Licenciate Thesis defense: The virtual tumour - in silico modelling of tumour vasculature, oxygenation and treatment outcome

Poor tumour oxygenation, namely hypoxia, is one of the major challenges that has been recognised in radiotherapy, yet it is not being accounted for in standard treatments. Hypoxia, resulting from a heterogeneous distribution of vessels (chronic hypoxia) or of a loss in vascular perfusion (acute hypoxia), affects all kinds of solid tumours to different extents. Although over-sustained angiogenesis with vascular remodelling is one of the key hallmarks of cancer, the resulting tumour vasculature is often frail and lacking a clear hierarchical structure, hence incapable of maintaining the same nutrients and oxygen supply standards of healthy vascular networks.
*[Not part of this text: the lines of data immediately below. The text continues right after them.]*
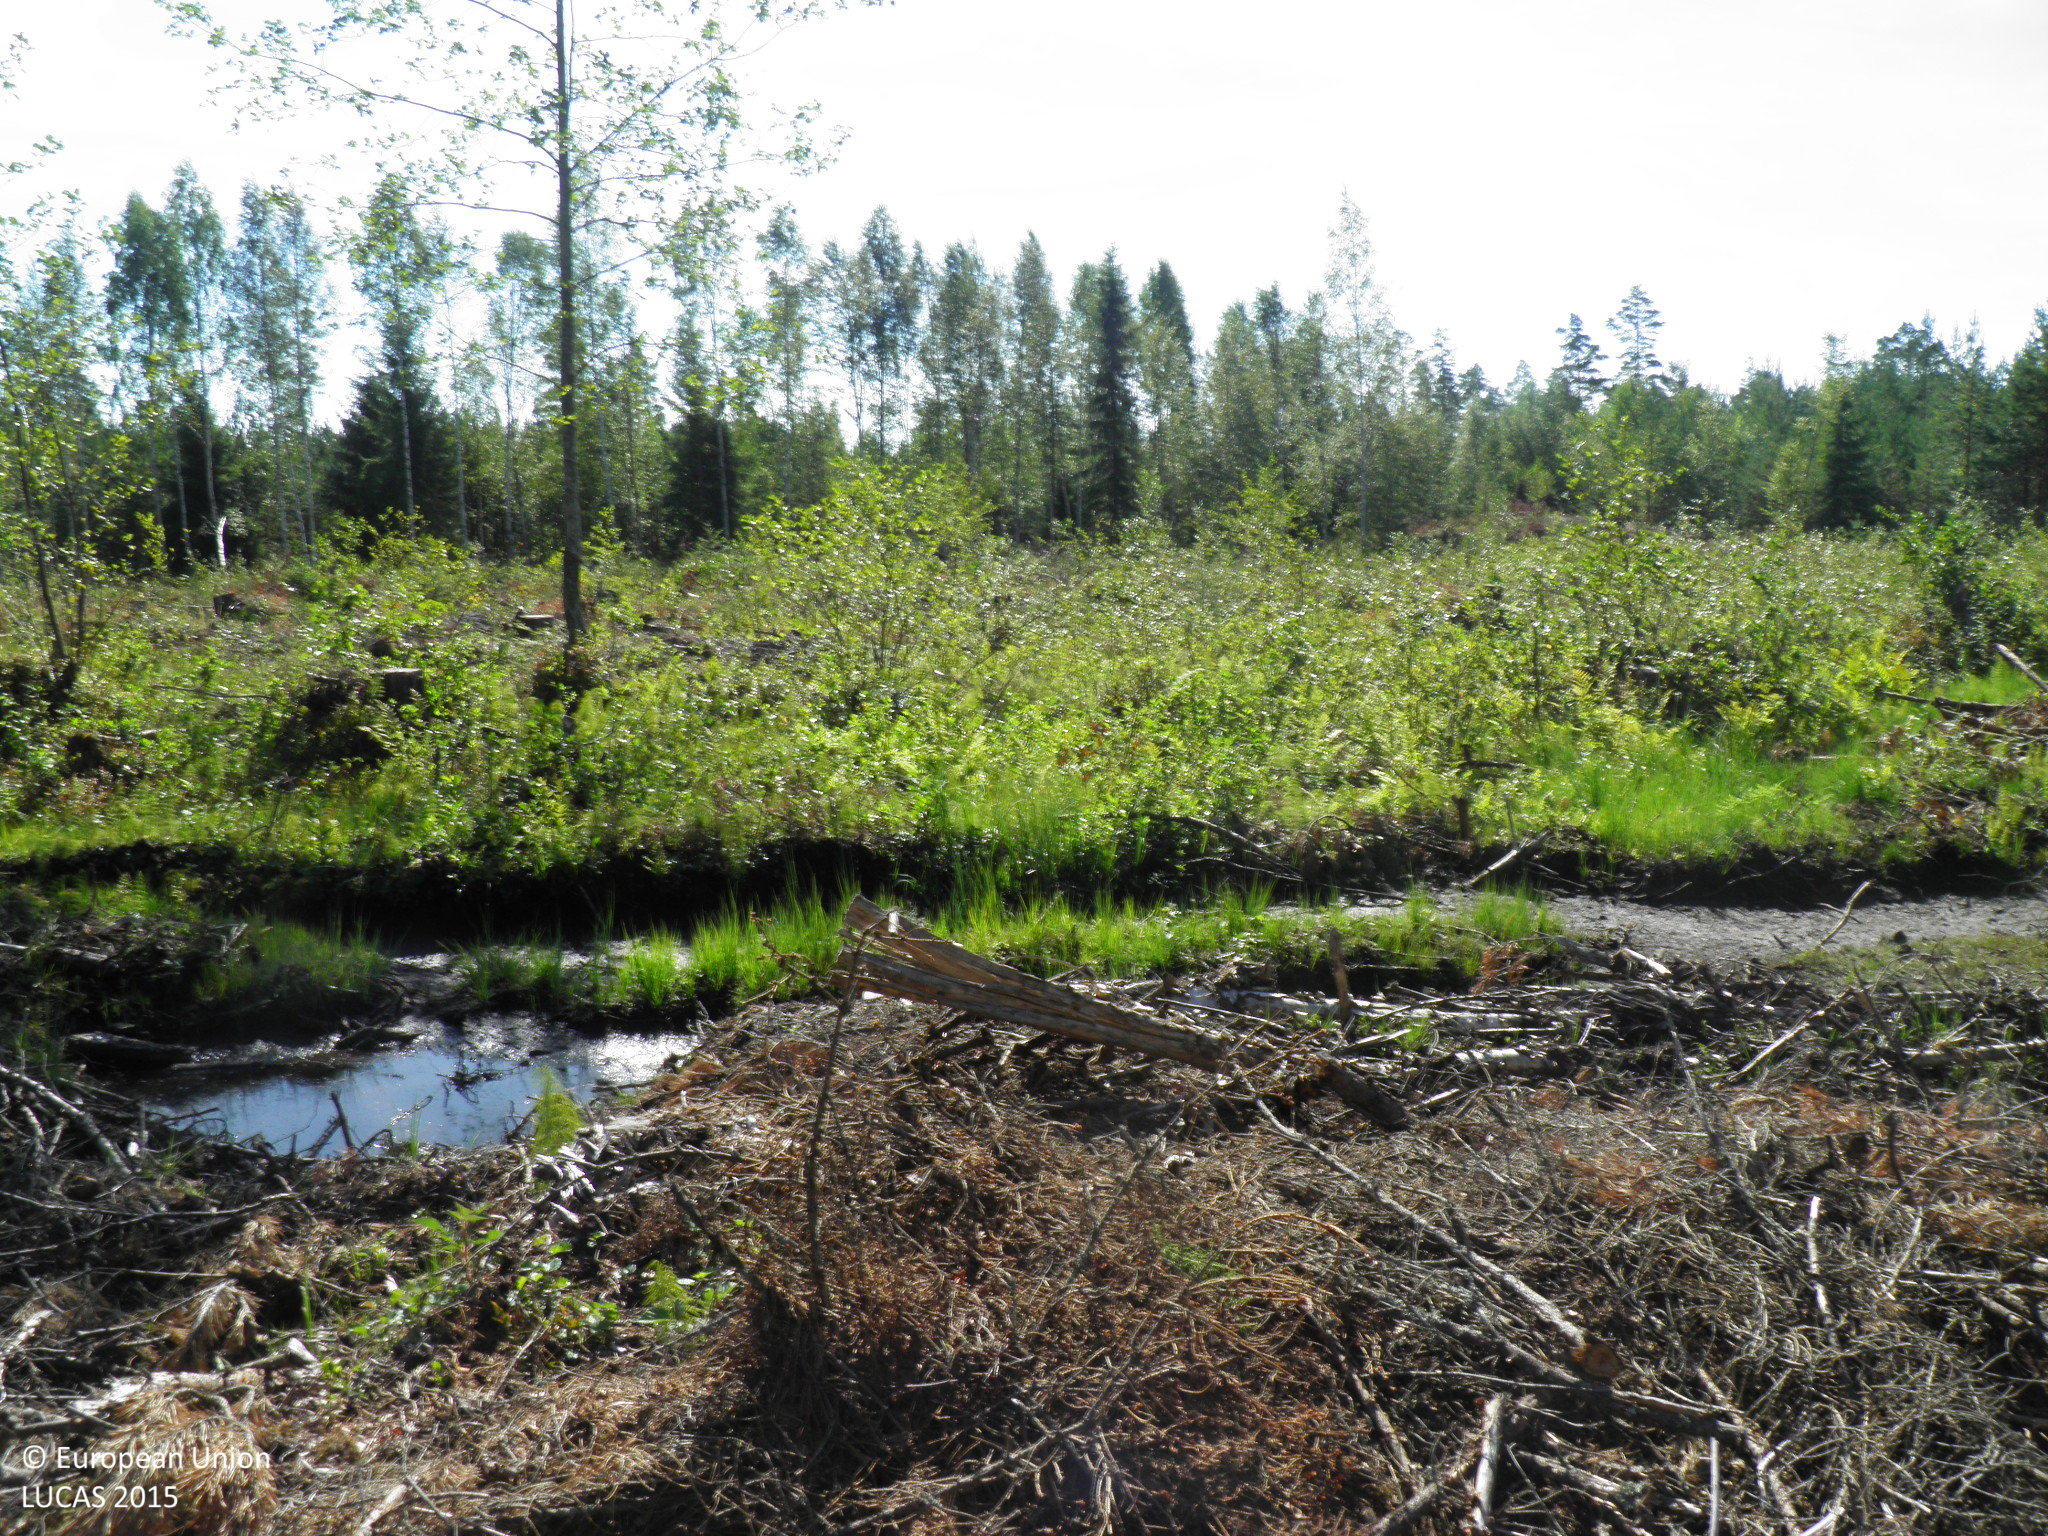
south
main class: Grassland
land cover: Spontaneously vegetated surfaces
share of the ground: 10 - 25 %
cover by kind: unconsolidated bare surface 50 %, consolidated bare surface 15 %, herbaceous plants 10 %, shrubs 5 %
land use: Forestry
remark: Clear cut
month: August
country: FI
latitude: 60.0568
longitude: 22.7392

It is ascertained that hypoxic cells require an up to three times higher radiation dose than normoxic tissues to achieve the same biological effect. Tumour hypoxia correlates to worse disease prognoses when compared to normoxic tumours. However, many of its biological aspects remain only partially understood. Although from a clinical perspective most of the countermeasures that have been devised to oxygenate or kill hypoxic cells can be evaluated in terms of short- and long-term effects, a clear and pristine understanding of the mechanisms involved in the curative process of hypoxic tumours has not been provided.
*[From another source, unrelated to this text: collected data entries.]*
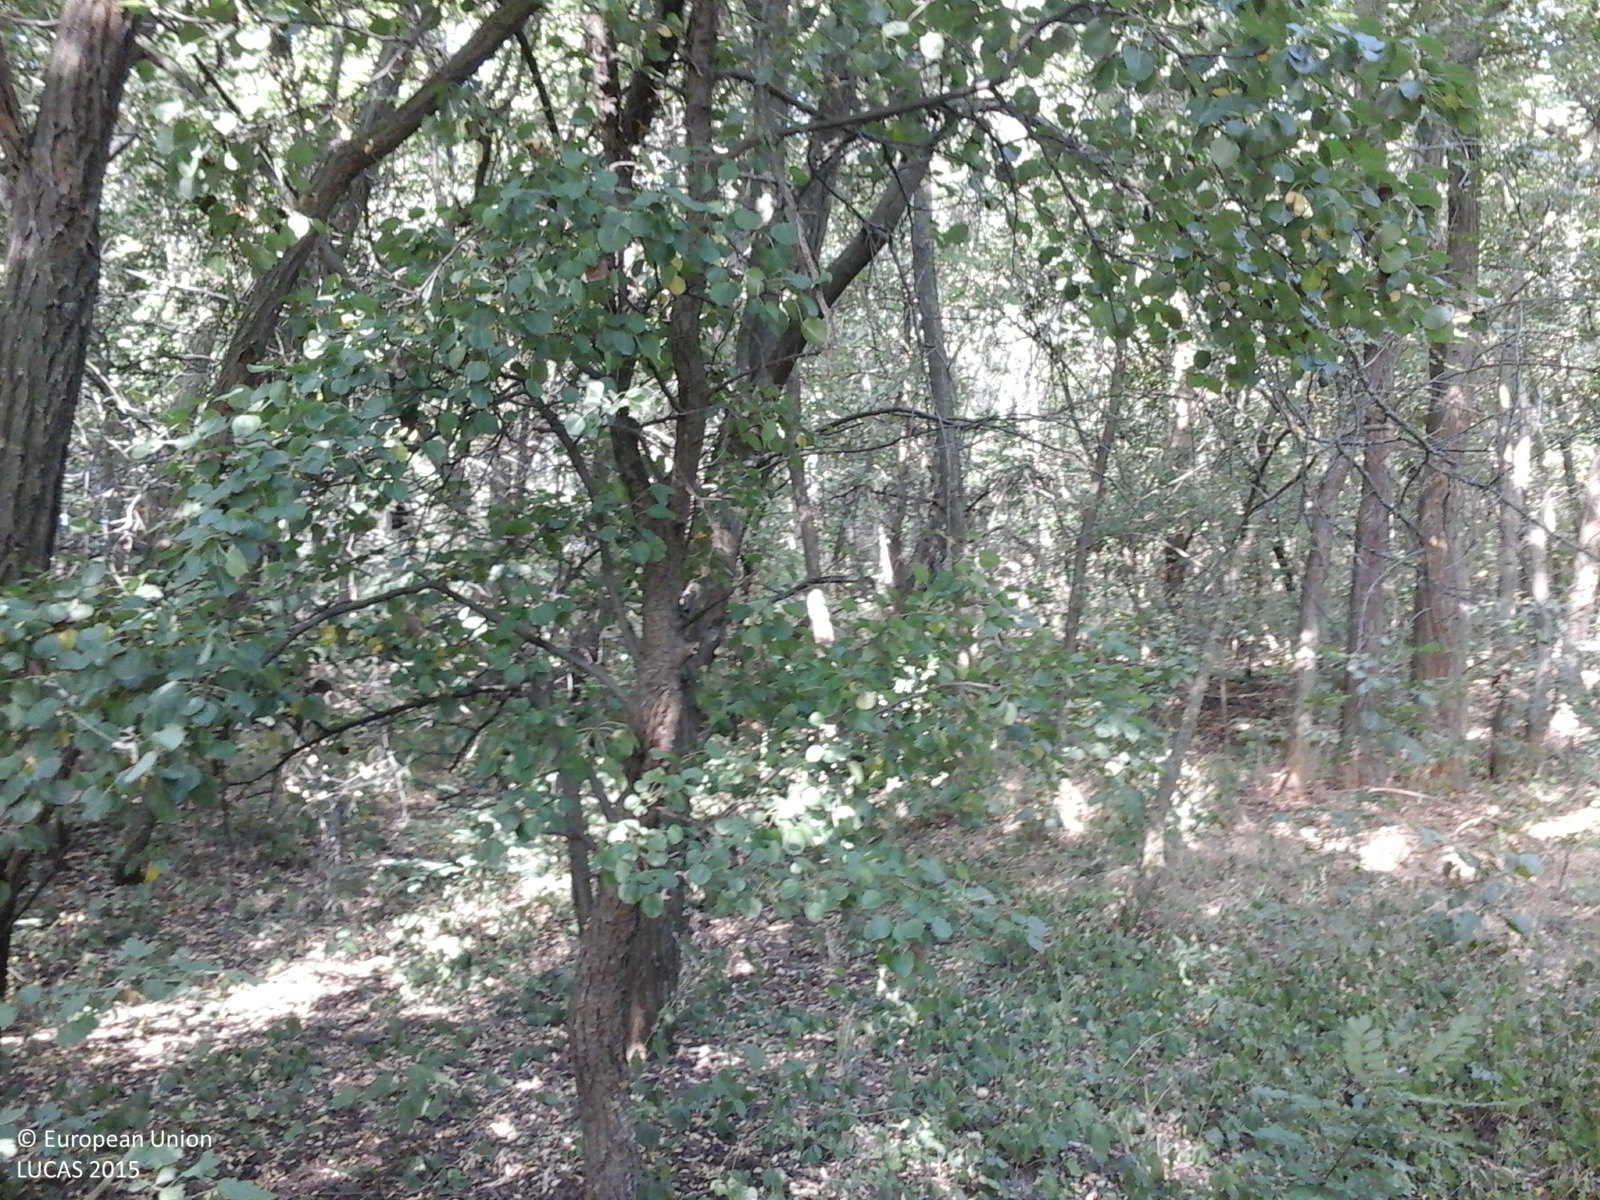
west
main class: Woodland
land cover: Broadleaved woodland
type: mesophytic deciduous forest
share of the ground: > 75 %
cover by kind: broadleaved forest trees 80 %, shrubs 10 %, herbaceous plants 10 %
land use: Forestry
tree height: > 5 m
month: July
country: RO
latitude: 46.1517
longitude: 27.5769

From this perspective, in silico modelling of the tumour key radiobiological features could instead represent a new frontier: unprecedented computational power and numerical optimisation routines permit to expand virtually the set of possible microenvironmental situations, with simulations of real treatments and concurrent intercomparison of hypothetical scenarios. The fact that the real vascular anatomy of a deep-seated tumour is not fully accessible – and hence not precisely modellable – could be compensated by a large casuistry of heterogeneous oxygenation patterns provided by the model, with inherent best- and worst- case studies. At the same time, in silico modelling would not replace in vivo functional imaging, but would rather act in synergy with that as an additional layer of study: based on the underlying macroscopic information that for instance positron emission tomography (PET) or magnetic resonance imaging (MRI) could offer, the microscopic radiobiological nature of the tumour could be simulated.
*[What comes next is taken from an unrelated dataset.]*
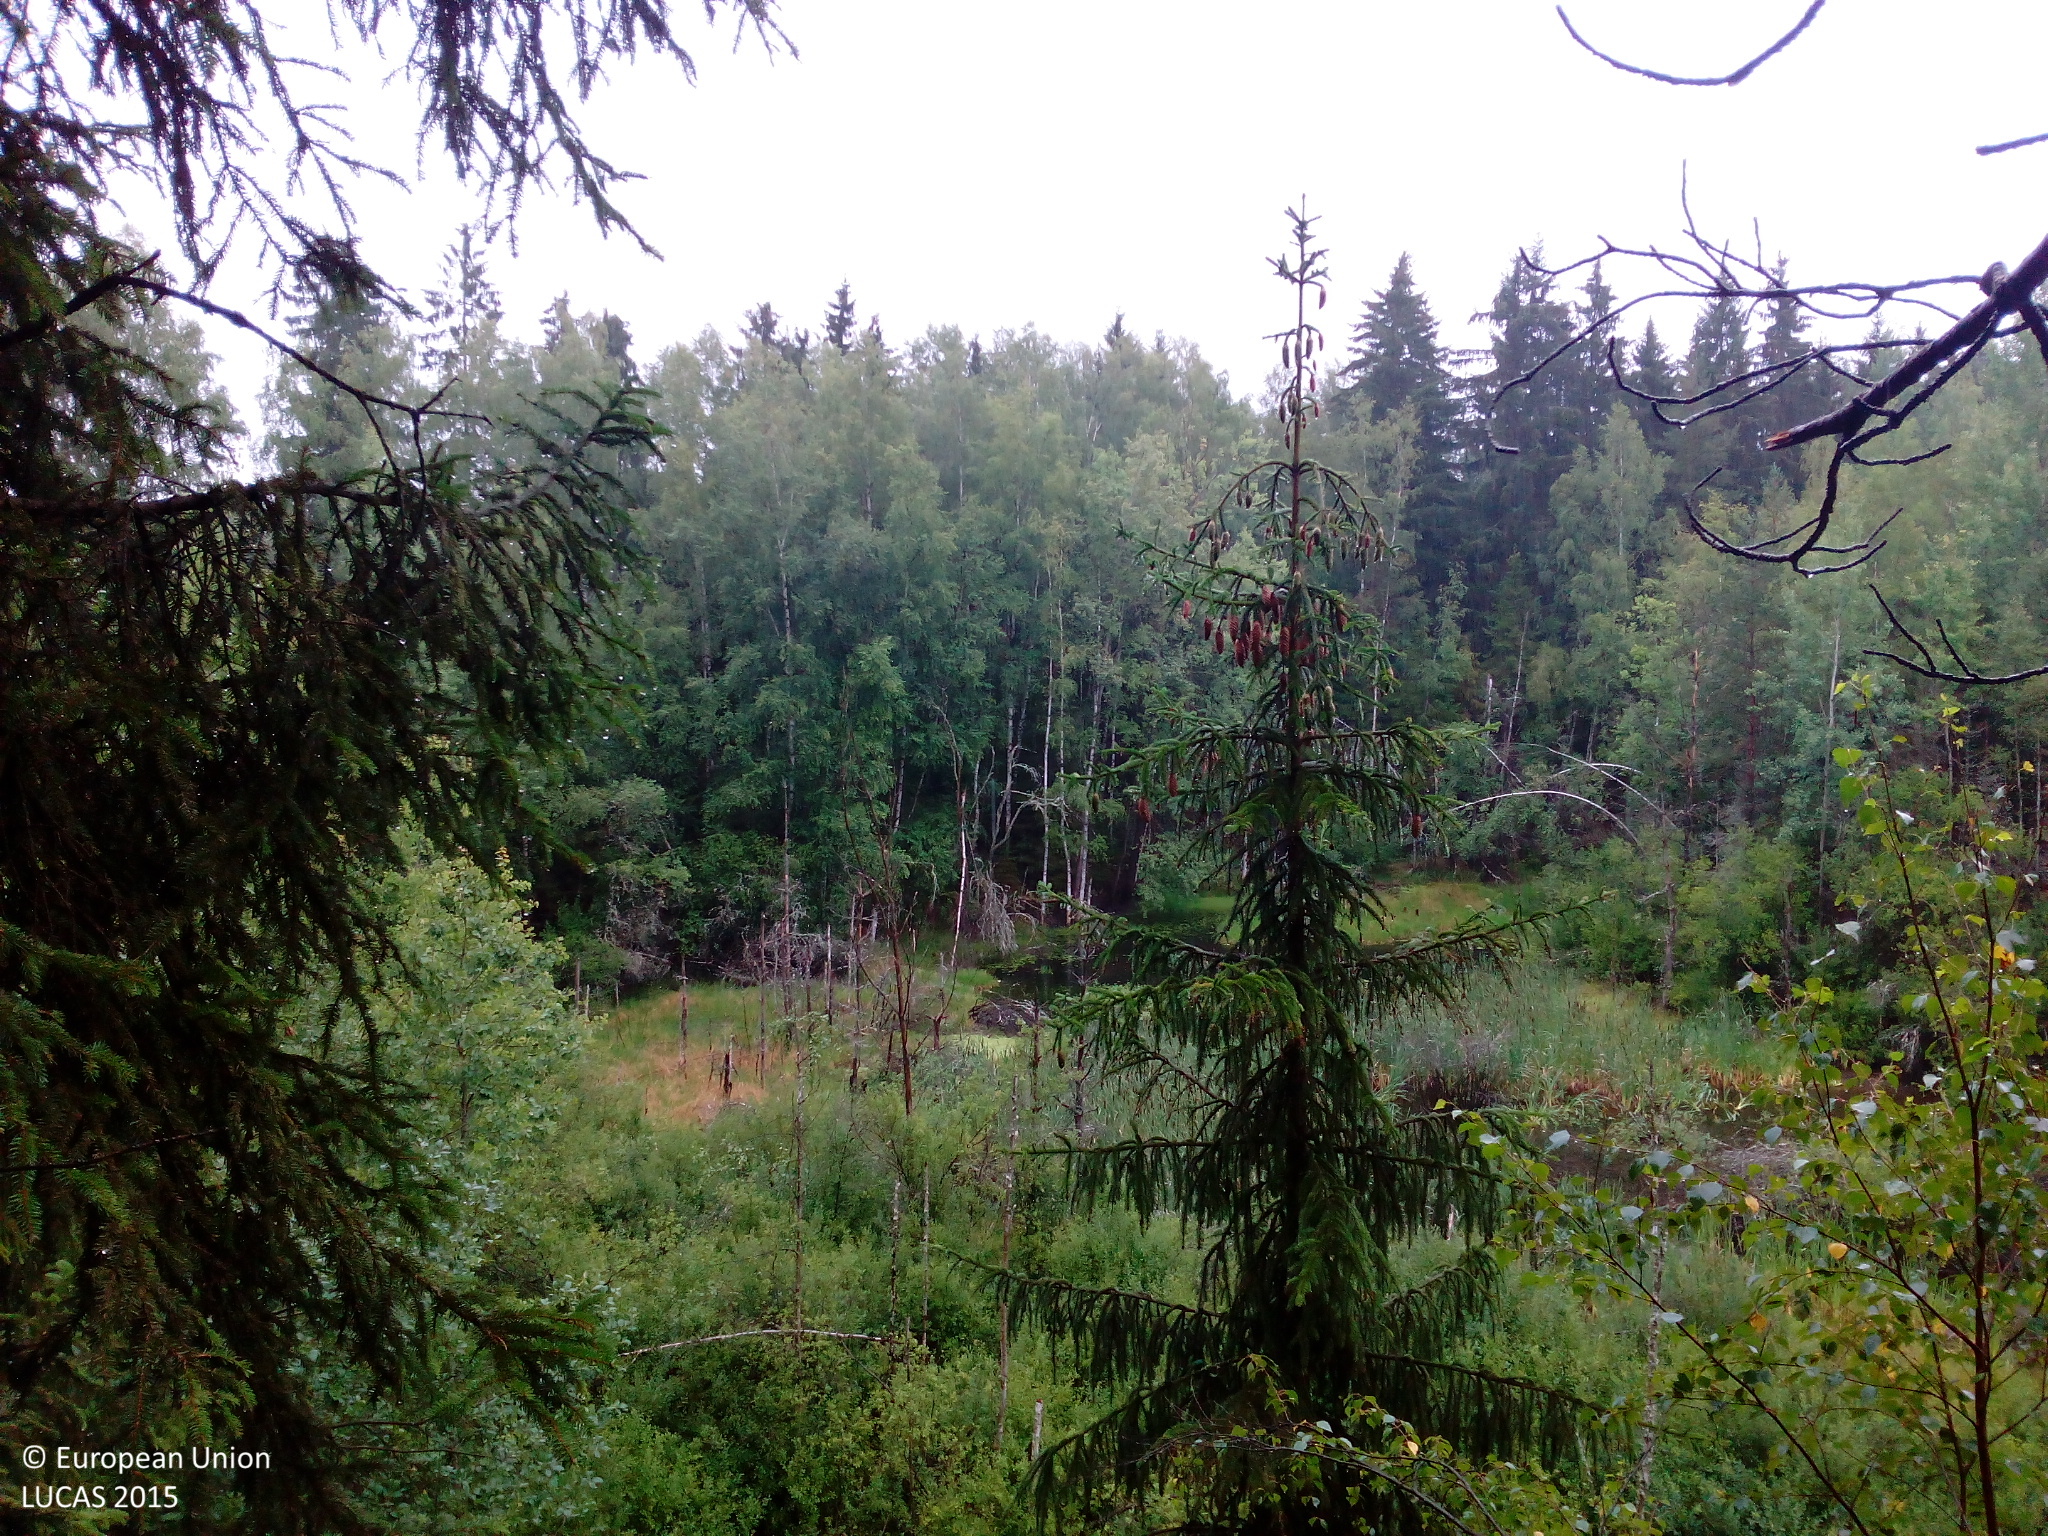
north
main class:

This thesis consists of papers I-II and an introductory overview of the topics, which provide the background needed for their basic understanding. Starting with an account of tumour hypoxia, its radiobiology and the solutions that have been explored so far to counteract its negative effects are also discussed. Paper I is concerned with the presentation of the novel three-dimensional radiobiological model developed, which is the core of a comprehensive project developed during the PhD work; therefore, it will be introduced in the framework of previously designed models that dealt within this subject in the context of radiotherapy. Since this is probably the first model of its kind designed to be implemented into a treatment planning system (TPS), the subsequent natural steps will consist of the integration of the model in a research version of a TPS and study of the efficacy of various treatment scenarios in terms of underlying tumour oxygenation and treatment choices regarding beam quality, fractionation, and total dose.